NOTE: If you use this code this will load the entire part into memory, see above. Also, this bypasses the maximum upload bandwidth limitation configuration.

func (uploader *Uploader) Upload(path string, content io.Reader) error {
    var err error
    var buf bytes.Buffer
    // Not ideal to load this all into memory.  But limitation with getting seek require it.
    _, err = io.Copy(&buf, content)

    if err != nil {
        uploader.Failed.Store(true)
        tracelog.ErrorLogger.Printf("Failed getting content for %s, "+tracelog.GetErrorFormatter()+"\n", path, err)
        return err
    }

    reader := bytes.NewReader(buf.Bytes())

    if uploader.tarSize != nil {
        content = &WithSizeReader{content, uploader.tarSize}
    }

    for i := 1; i < 13; i++ {
        reader.Seek(0, 0)
        err := uploader.UploadingFolder.PutObject(path, reader)
        if err == nil {
            return nil
        }
        tracelog.ErrorLogger.Printf("Attempt %d for %s, "+tracelog.GetErrorFormatter()+"\n", i, path, err)
        time.Sleep(time.Duration(i*5) * time.Second)
    }
    uploader.Failed.Store(true)
    return err
}
x4m commented 3 years ago

Maybe you could just increase MaxRetries in S3 storage? It does exactly this: breaks reader into 20Mb multiparts, uploads each one with retries, joins the result. Also check this code https://github.com/wal-g/storages/blob/master/gcs/folder.go#L276 Id does so because GCS SDK does not have these retries like AWS SDK.

TheKigen commented 3 years ago

The problem there is the errors encountered by Backblaze S3 like API result in the AWS S3 SDK fatal errors without retries.

https://www.backblaze.com/blog/b2-503-500-server-error/

Some of these errors require re-upload from the beginning.

Edit: Also, thank you very much for pointing out the seek behavior. I'm not familiar with Go at all.

x4m commented 3 years ago

I'd be much happier if we had 1st class Backblaze support. I know that their natural API is somewhat superior to ancient S3 (didn't really benchmark though). Do they have Go SDK?

TheKigen commented 3 years ago

Looks like they only have Java and Python at the moment.

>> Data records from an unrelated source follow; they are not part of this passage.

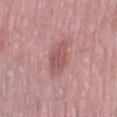follow-up=imaged on a skin check; not biopsied | patient=female, aged around 70 | lighting=white-light | lesion size=≈5 mm | image=total-body-photography crop, ~15 mm field of view | location=the right thigh.
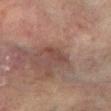Clinical impression: No biopsy was performed on this lesion — it was imaged during a full skin examination and was not determined to be concerning. Image and clinical context: The lesion is located on the left arm. Automated tile analysis of the lesion measured a lesion color around L≈40 a*≈19 b*≈22 in CIELAB and roughly 7 lightness units darker than nearby skin. A 15 mm close-up extracted from a 3D total-body photography capture. A female patient, in their 80s.
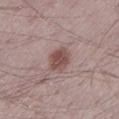Captured during whole-body skin photography for melanoma surveillance; the lesion was not biopsied. A 15 mm close-up extracted from a 3D total-body photography capture. Automated tile analysis of the lesion measured an area of roughly 7 mm² and an outline eccentricity of about 0.7 (0 = round, 1 = elongated). The analysis additionally found a peripheral color-asymmetry measure near 1. The tile uses white-light illumination. About 3.5 mm across. Located on the left lower leg. A male subject, aged approximately 50.
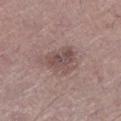biopsy_status: not biopsied; imaged during a skin examination
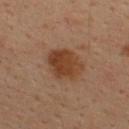Assessment:
Part of a total-body skin-imaging series; this lesion was reviewed on a skin check and was not flagged for biopsy.
Acquisition and patient details:
This is a cross-polarized tile. The lesion's longest dimension is about 4 mm. The lesion-visualizer software estimated a lesion color around L≈36 a*≈20 b*≈29 in CIELAB and a normalized lesion–skin contrast near 9. It also reported a classifier nevus-likeness of about 90/100. Cropped from a whole-body photographic skin survey; the tile spans about 15 mm. A male subject approximately 35 years of age. On the upper back.
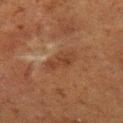follow-up: no biopsy performed (imaged during a skin exam) | image: 15 mm crop, total-body photography | illumination: cross-polarized | location: the left thigh | patient: female, aged around 50 | TBP lesion metrics: a lesion area of about 6 mm² and a symmetry-axis asymmetry near 0.25; a lesion color around L≈33 a*≈19 b*≈27 in CIELAB and a normalized border contrast of about 6; a border-irregularity rating of about 3.5/10, internal color variation of about 2.5 on a 0–10 scale, and radial color variation of about 1; a detector confidence of about 100 out of 100 that the crop contains a lesion | lesion size: ≈4 mm.
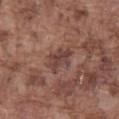This lesion was catalogued during total-body skin photography and was not selected for biopsy. A close-up tile cropped from a whole-body skin photograph, about 15 mm across. Automated tile analysis of the lesion measured a border-irregularity rating of about 3.5/10. It also reported a nevus-likeness score of about 0/100. About 4 mm across. On the front of the torso. The subject is a male aged approximately 75.
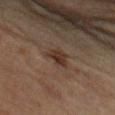This lesion was catalogued during total-body skin photography and was not selected for biopsy.
The recorded lesion diameter is about 3.5 mm.
Automated tile analysis of the lesion measured a footprint of about 5.5 mm², an outline eccentricity of about 0.75 (0 = round, 1 = elongated), and a symmetry-axis asymmetry near 0.35. The software also gave an average lesion color of about L≈28 a*≈15 b*≈22 (CIELAB) and a lesion-to-skin contrast of about 8 (normalized; higher = more distinct). The analysis additionally found a border-irregularity index near 3.5/10 and peripheral color asymmetry of about 1. The analysis additionally found an automated nevus-likeness rating near 70 out of 100 and a lesion-detection confidence of about 100/100.
A 15 mm crop from a total-body photograph taken for skin-cancer surveillance.
On the left forearm.
A female patient about 65 years old.
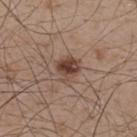biopsy status = no biopsy performed (imaged during a skin exam) | size = ≈3 mm | anatomic site = the upper back | subject = male, about 50 years old | acquisition = ~15 mm crop, total-body skin-cancer survey.
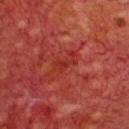Case summary:
• biopsy status — no biopsy performed (imaged during a skin exam)
• tile lighting — cross-polarized
• subject — male, aged 68 to 72
• size — ≈2.5 mm
• location — the chest
• image — ~15 mm tile from a whole-body skin photo
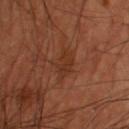Assessment: This lesion was catalogued during total-body skin photography and was not selected for biopsy. Background: The lesion is located on the back. The patient is a male about 60 years old. A 15 mm crop from a total-body photograph taken for skin-cancer surveillance.
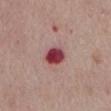Clinical impression:
Recorded during total-body skin imaging; not selected for excision or biopsy.
Background:
The lesion-visualizer software estimated an average lesion color of about L≈43 a*≈33 b*≈20 (CIELAB) and about 18 CIELAB-L* units darker than the surrounding skin. And it measured border irregularity of about 1.5 on a 0–10 scale, a within-lesion color-variation index near 6/10, and peripheral color asymmetry of about 2. A 15 mm close-up tile from a total-body photography series done for melanoma screening. Approximately 3 mm at its widest. On the mid back. Captured under white-light illumination. A male patient in their mid-70s.
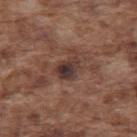Clinical impression: Captured during whole-body skin photography for melanoma surveillance; the lesion was not biopsied. Acquisition and patient details: Automated image analysis of the tile measured a border-irregularity rating of about 3/10 and peripheral color asymmetry of about 2. A male subject, in their mid- to late 70s. Longest diameter approximately 3 mm. The lesion is on the upper back. Cropped from a total-body skin-imaging series; the visible field is about 15 mm.
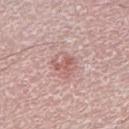Assessment: Recorded during total-body skin imaging; not selected for excision or biopsy. Context: Captured under white-light illumination. A lesion tile, about 15 mm wide, cut from a 3D total-body photograph. The patient is a male in their 50s. The recorded lesion diameter is about 2.5 mm. Located on the right lower leg.
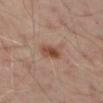notes: total-body-photography surveillance lesion; no biopsy | image source: ~15 mm tile from a whole-body skin photo | site: the abdomen | lesion size: ~3 mm (longest diameter) | TBP lesion metrics: a border-irregularity index near 2.5/10, a color-variation rating of about 3.5/10, and a peripheral color-asymmetry measure near 1; an automated nevus-likeness rating near 95 out of 100 and a lesion-detection confidence of about 100/100 | patient: male, aged approximately 50 | illumination: cross-polarized.
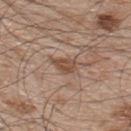Part of a total-body skin-imaging series; this lesion was reviewed on a skin check and was not flagged for biopsy.
The lesion is located on the back.
The subject is a male in their 50s.
Imaged with white-light lighting.
A 15 mm close-up tile from a total-body photography series done for melanoma screening.
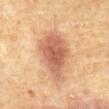Assessment:
The lesion was tiled from a total-body skin photograph and was not biopsied.
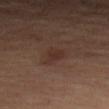Impression: Captured during whole-body skin photography for melanoma surveillance; the lesion was not biopsied. Background: The subject is a female aged 63–67. Automated image analysis of the tile measured a color-variation rating of about 2/10 and radial color variation of about 1. The software also gave a classifier nevus-likeness of about 45/100 and a lesion-detection confidence of about 100/100. Measured at roughly 3 mm in maximum diameter. A 15 mm close-up extracted from a 3D total-body photography capture. On the left forearm. Imaged with cross-polarized lighting.
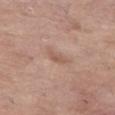Clinical impression:
The lesion was photographed on a routine skin check and not biopsied; there is no pathology result.
Acquisition and patient details:
Captured under white-light illumination. From the left thigh. This image is a 15 mm lesion crop taken from a total-body photograph. A female subject, approximately 65 years of age. Longest diameter approximately 2.5 mm. Automated image analysis of the tile measured a mean CIELAB color near L≈56 a*≈19 b*≈28, roughly 8 lightness units darker than nearby skin, and a normalized border contrast of about 6.
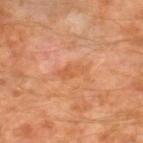Assessment: Captured during whole-body skin photography for melanoma surveillance; the lesion was not biopsied. Image and clinical context: From the right lower leg. A region of skin cropped from a whole-body photographic capture, roughly 15 mm wide. The lesion's longest dimension is about 3.5 mm. The subject is a male about 60 years old.
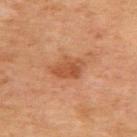Captured during whole-body skin photography for melanoma surveillance; the lesion was not biopsied. On the upper back. The patient is a female approximately 60 years of age. A lesion tile, about 15 mm wide, cut from a 3D total-body photograph. The recorded lesion diameter is about 4 mm. Automated tile analysis of the lesion measured a lesion area of about 7.5 mm², a shape eccentricity near 0.8, and a shape-asymmetry score of about 0.3 (0 = symmetric).
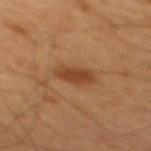  biopsy_status: not biopsied; imaged during a skin examination
  site: mid back
  lighting: cross-polarized
  patient:
    sex: male
    age_approx: 65
  lesion_size:
    long_diameter_mm_approx: 3.5
  automated_metrics:
    area_mm2_approx: 6.5
    eccentricity: 0.8
    shape_asymmetry: 0.15
    nevus_likeness_0_100: 95
    lesion_detection_confidence_0_100: 100
  image:
    source: total-body photography crop
    field_of_view_mm: 15
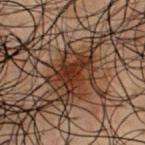Assessment:
Imaged during a routine full-body skin examination; the lesion was not biopsied and no histopathology is available.
Background:
The patient is a male aged 48 to 52. Captured under cross-polarized illumination. Longest diameter approximately 4.5 mm. Cropped from a whole-body photographic skin survey; the tile spans about 15 mm. Located on the chest. An algorithmic analysis of the crop reported a lesion area of about 8.5 mm², a shape eccentricity near 0.8, and two-axis asymmetry of about 0.5. The software also gave a border-irregularity rating of about 5.5/10 and radial color variation of about 1. And it measured a detector confidence of about 55 out of 100 that the crop contains a lesion.
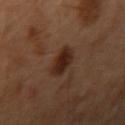No biopsy was performed on this lesion — it was imaged during a full skin examination and was not determined to be concerning. Longest diameter approximately 3.5 mm. A male subject, about 50 years old. Automated image analysis of the tile measured an area of roughly 7.5 mm², an eccentricity of roughly 0.65, and a shape-asymmetry score of about 0.15 (0 = symmetric). The software also gave an average lesion color of about L≈25 a*≈18 b*≈24 (CIELAB), a lesion–skin lightness drop of about 10, and a normalized border contrast of about 10.5. The analysis additionally found a border-irregularity rating of about 1.5/10, a within-lesion color-variation index near 3.5/10, and radial color variation of about 1. The tile uses cross-polarized illumination. A region of skin cropped from a whole-body photographic capture, roughly 15 mm wide. On the left arm.
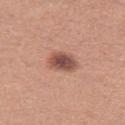Case summary:
• body site — the leg
• tile lighting — white-light
• TBP lesion metrics — a mean CIELAB color near L≈51 a*≈23 b*≈26, roughly 14 lightness units darker than nearby skin, and a lesion-to-skin contrast of about 9.5 (normalized; higher = more distinct); a within-lesion color-variation index near 4.5/10 and a peripheral color-asymmetry measure near 1; lesion-presence confidence of about 100/100
• lesion size — ~3.5 mm (longest diameter)
• patient — female, roughly 30 years of age
• image — ~15 mm crop, total-body skin-cancer survey
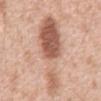Captured during whole-body skin photography for melanoma surveillance; the lesion was not biopsied.
A male subject, about 60 years old.
Automated tile analysis of the lesion measured an average lesion color of about L≈60 a*≈21 b*≈29 (CIELAB) and a lesion-to-skin contrast of about 7.5 (normalized; higher = more distinct). The software also gave a border-irregularity rating of about 6/10, a color-variation rating of about 8/10, and radial color variation of about 3. The analysis additionally found a classifier nevus-likeness of about 55/100 and a lesion-detection confidence of about 100/100.
The recorded lesion diameter is about 12 mm.
A 15 mm crop from a total-body photograph taken for skin-cancer surveillance.
From the abdomen.
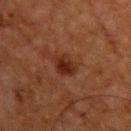Captured during whole-body skin photography for melanoma surveillance; the lesion was not biopsied. A male subject aged around 50. The lesion's longest dimension is about 3 mm. This is a cross-polarized tile. An algorithmic analysis of the crop reported a lesion area of about 5 mm² and a shape-asymmetry score of about 0.25 (0 = symmetric). The software also gave an average lesion color of about L≈22 a*≈20 b*≈24 (CIELAB) and a normalized border contrast of about 9. The analysis additionally found a border-irregularity rating of about 2/10 and a peripheral color-asymmetry measure near 1. The lesion is located on the upper back. A region of skin cropped from a whole-body photographic capture, roughly 15 mm wide.
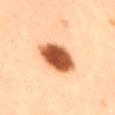Imaged during a routine full-body skin examination; the lesion was not biopsied and no histopathology is available.
The total-body-photography lesion software estimated a border-irregularity rating of about 1.5/10 and a within-lesion color-variation index near 6/10. The software also gave an automated nevus-likeness rating near 100 out of 100 and a detector confidence of about 100 out of 100 that the crop contains a lesion.
Imaged with cross-polarized lighting.
A male subject, aged around 50.
On the right thigh.
A lesion tile, about 15 mm wide, cut from a 3D total-body photograph.
The recorded lesion diameter is about 4.5 mm.
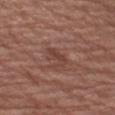biopsy status = imaged on a skin check; not biopsied
image-analysis metrics = an area of roughly 4 mm² and a symmetry-axis asymmetry near 0.3; an average lesion color of about L≈42 a*≈21 b*≈24 (CIELAB), roughly 7 lightness units darker than nearby skin, and a normalized border contrast of about 6; border irregularity of about 4 on a 0–10 scale and internal color variation of about 1 on a 0–10 scale
anatomic site = the left upper arm
lighting = white-light
size = ~3 mm (longest diameter)
subject = male, about 75 years old
image source = ~15 mm tile from a whole-body skin photo
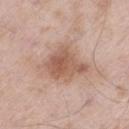notes — catalogued during a skin exam; not biopsied | tile lighting — white-light | diameter — ~4.5 mm (longest diameter) | imaging modality — 15 mm crop, total-body photography | subject — male, aged 53 to 57 | automated metrics — an eccentricity of roughly 0.6 and a shape-asymmetry score of about 0.35 (0 = symmetric); a mean CIELAB color near L≈57 a*≈20 b*≈28, a lesion–skin lightness drop of about 11, and a normalized border contrast of about 7.5; a border-irregularity index near 4/10, a color-variation rating of about 4/10, and peripheral color asymmetry of about 1.5 | site — the left thigh.
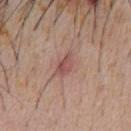Clinical impression: Recorded during total-body skin imaging; not selected for excision or biopsy. Background: Cropped from a total-body skin-imaging series; the visible field is about 15 mm. An algorithmic analysis of the crop reported a classifier nevus-likeness of about 10/100 and a lesion-detection confidence of about 100/100. A male patient, aged around 55. Longest diameter approximately 3 mm. Located on the front of the torso. Captured under white-light illumination.

https://github.com/Backblaze

Some people are/were trying to add a Golang implementation of B2 API.

https://github.com/kurin/blazer https://github.com/kothar/go-backblaze

Though it appears the maintainers of the above are trying to abandon the implementations since S3 API compatibility was added.

Minio used to use Blazer for B2 connections. https://github.com/minio/minio/pull/9547/files

x4m commented 3 years ago

Also, I think it must be possible to add an error to retriable in S3 SDK.